3.4 was released Jan 2014
Travis Hance
@tjhance
May 07 2015 15:17
actually come to think of it, why does cpython return true?
okay so we do the function/instancemethod thing
whereas cpython does the wrapper_descriptor thing
do we have support for wrapper_descriptors right now?
we do
Travis Hance
@tjhance
May 07 2015 15:25
oh, except we might use it only for the capi right now, and not support using it for pyston functions
Travis Hance
@tjhance
May 07 2015 15:32
i admit I have no clue what a wrapperdescriptor actually is
the source code is pretty unilluminating
Chris Toshok
@toshok
May 07 2015 15:53
BoxedWrapperDescriptor is a descriptor that wraps one of the tp_* methods, right?
it’s a callable object whose __call__ invokes the wrapped function
Travis Hance
@tjhance
May 07 2015 16:34
Oh I see
there are just so many things that wrap other things that wrapper_descriptor isn’t very informative:P
anyway I don’t see why we couldn’t do the same thing as cpython here
if that’s all it is
oh
unless the tp_* methods are capi functions
then we’d be needlessly going through the capi stuff?
is that true?
Chris Toshok
@toshok
May 07 2015 18:32
they are capi functions, if by that you mean C functions that participate in the return value / PyErr_ exception mechanism
Travis Hance
@tjhance
May 07 2015 18:32
yeah that’s what I meant
Chris Toshok
@toshok
May 07 2015 18:44
hm, i was going to use __has_builtin to check for the rdtscp intrinsic, but I suppose if we’re going to have to fall back to asm at all, might as well just always fall back
@kmod was the use of rdtsc (as opposed to rdtscp) intentional?
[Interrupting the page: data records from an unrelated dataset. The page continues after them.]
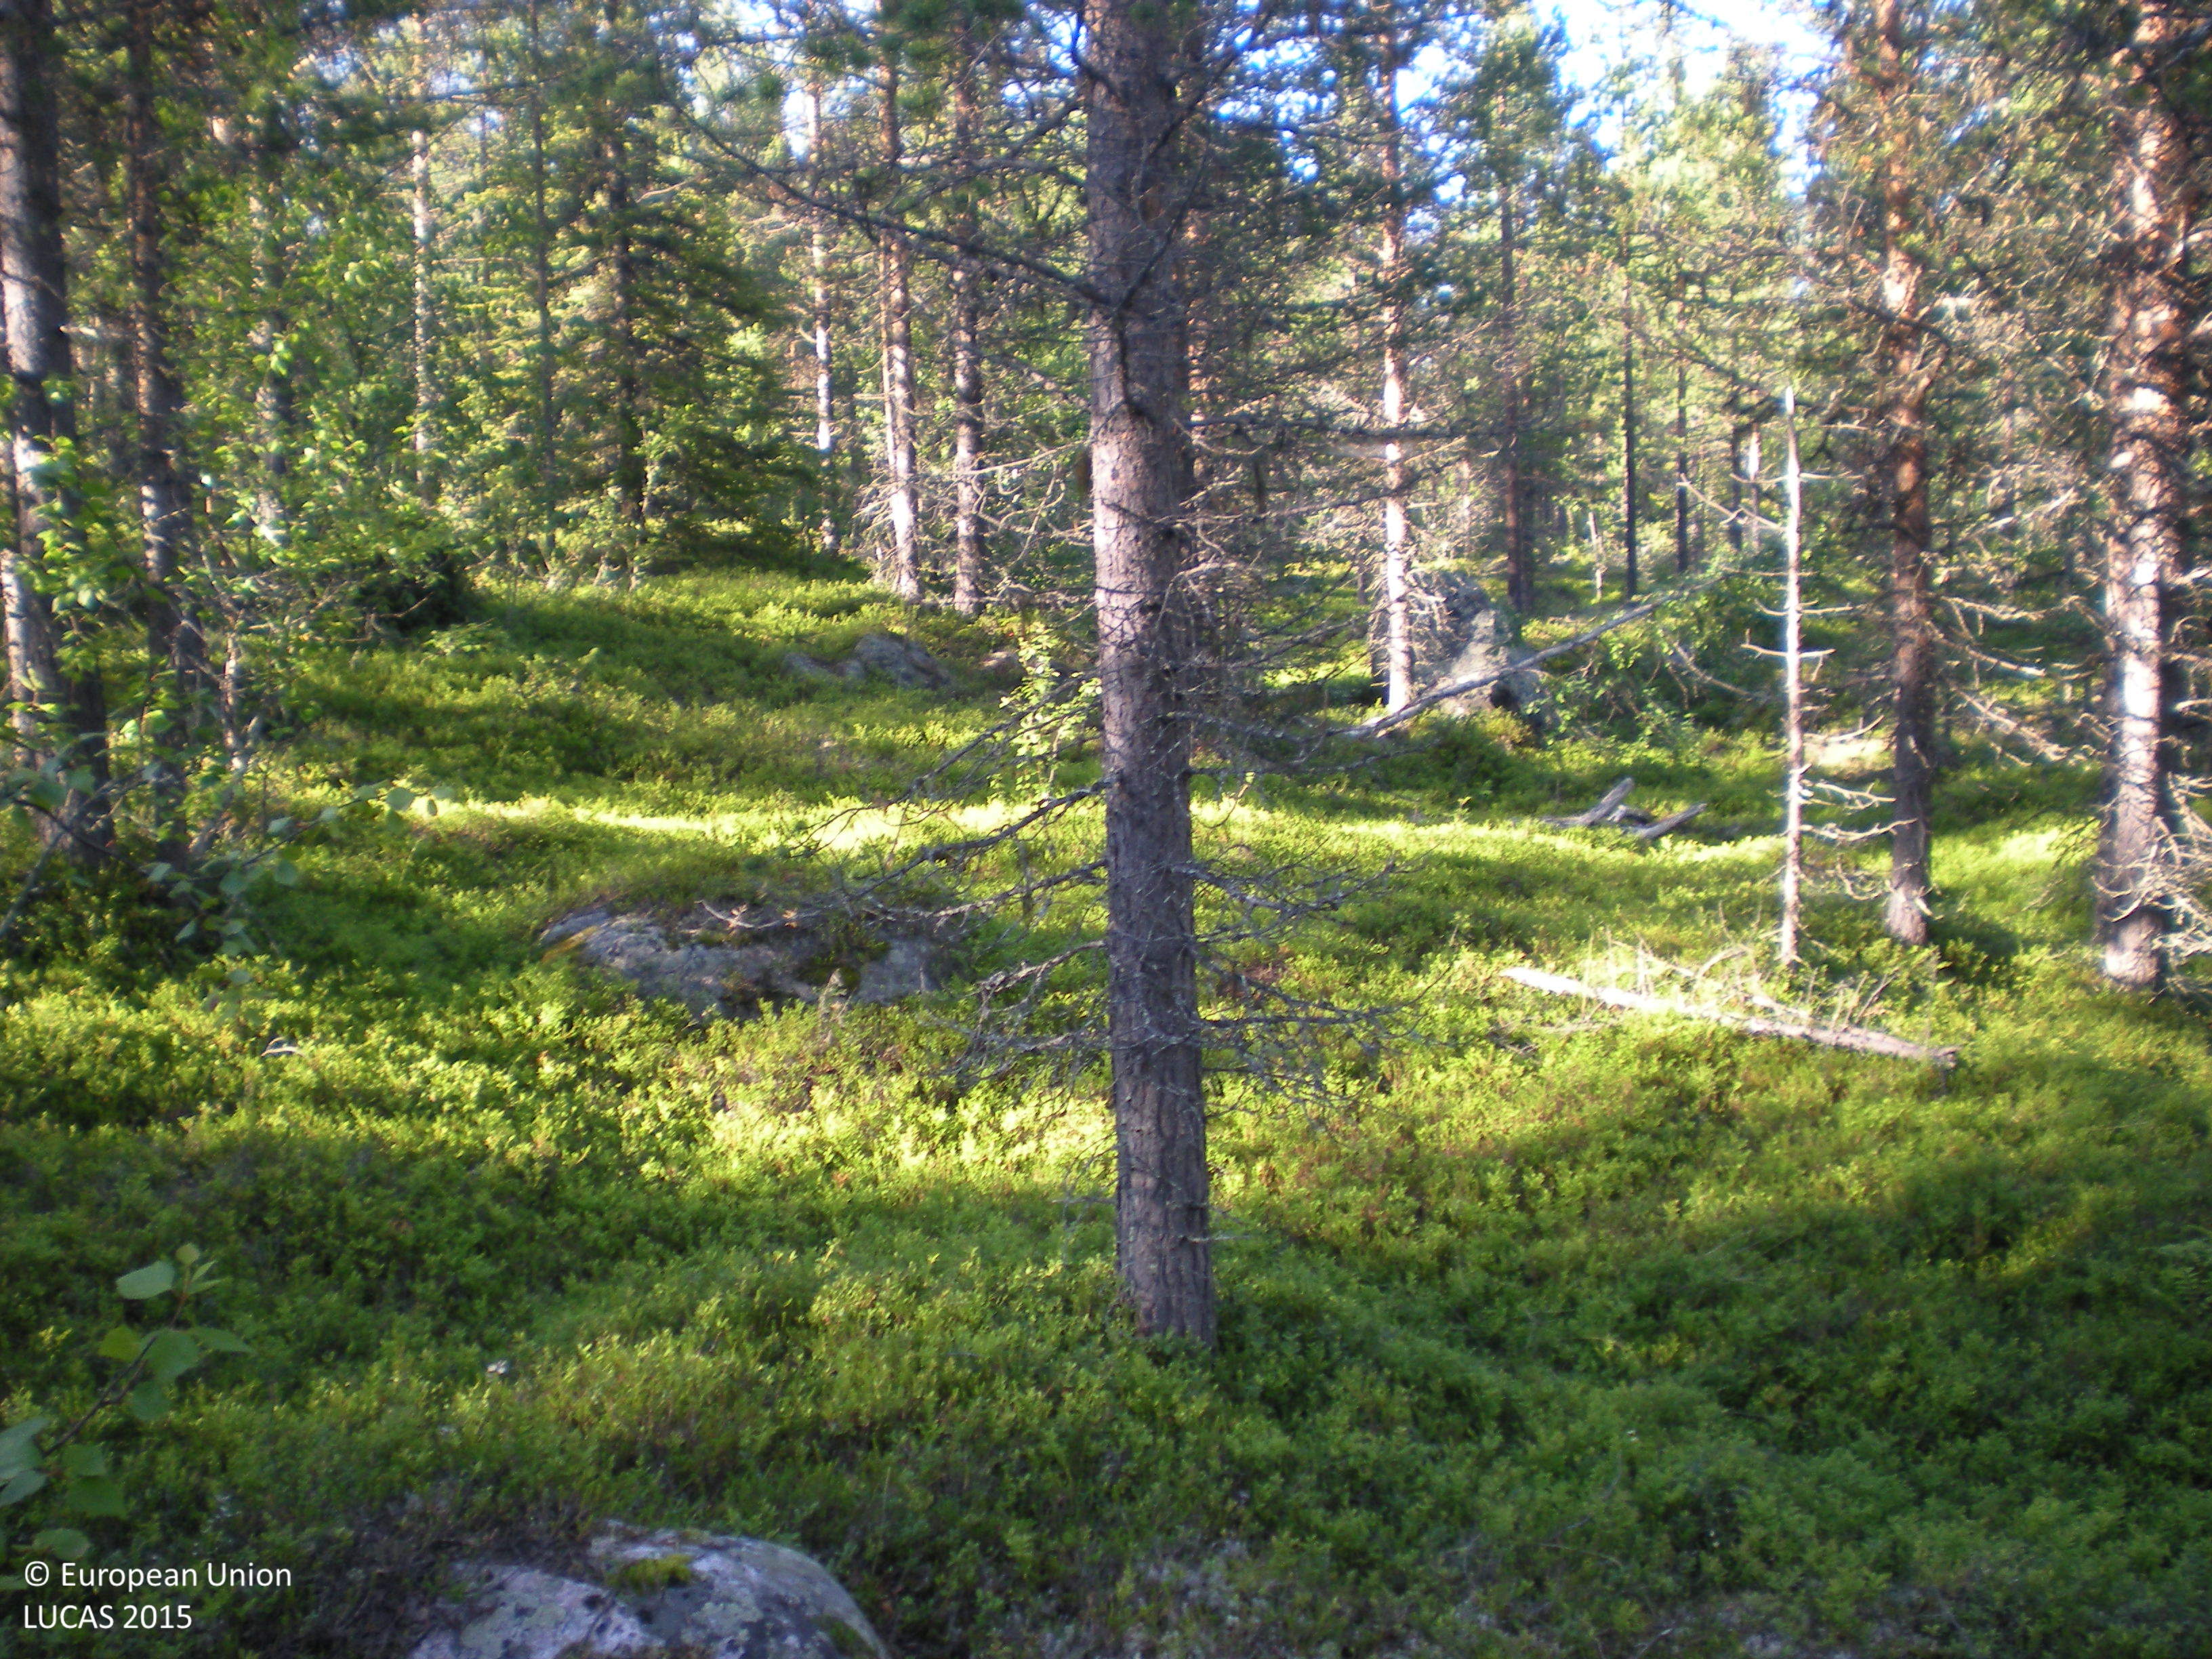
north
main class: Woodland
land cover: Pine dominated coniferous woodland
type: boreal forest
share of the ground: 50 - 75 %
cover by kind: coniferous forest trees 65 %, shrubs 25 %, broadleaved forest trees 5 %, lichens and mosses 5 %
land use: Forestry
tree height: > 5 m
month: August
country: SE
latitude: 66.3189
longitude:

I suppose we’re going to run into the issue that cpus people want to run things on might not have rdtscp
Marius Wachtler
@undingen
May 07 2015 19:14
mmy sorry have no idea if we can do the same as cpython. But reusing the BoxedInstanceMethods would probably save a a few allocs.
for i in range(5):
    print id(object.__str__)

cpython:
139879813566704
139879813566704
139879813566704
139879813566704
139879813566704
pyston:
-2401053030601088133
-2401053030601088037
-2401053030601087941
-2401053030601087845
-2401053030601087749
Travis Hance
@tjhance
May 07 2015 19:27
I think we should make a version of wrapper_descriptor for pyston
so we can make everything the same type as it in cpython
so we’ll get all these quirks right
and save allocations, maybe
Chris Toshok
@toshok
May 07 2015 19:33
reusing BoxedInstanceMethods would save a huge number of allocations :)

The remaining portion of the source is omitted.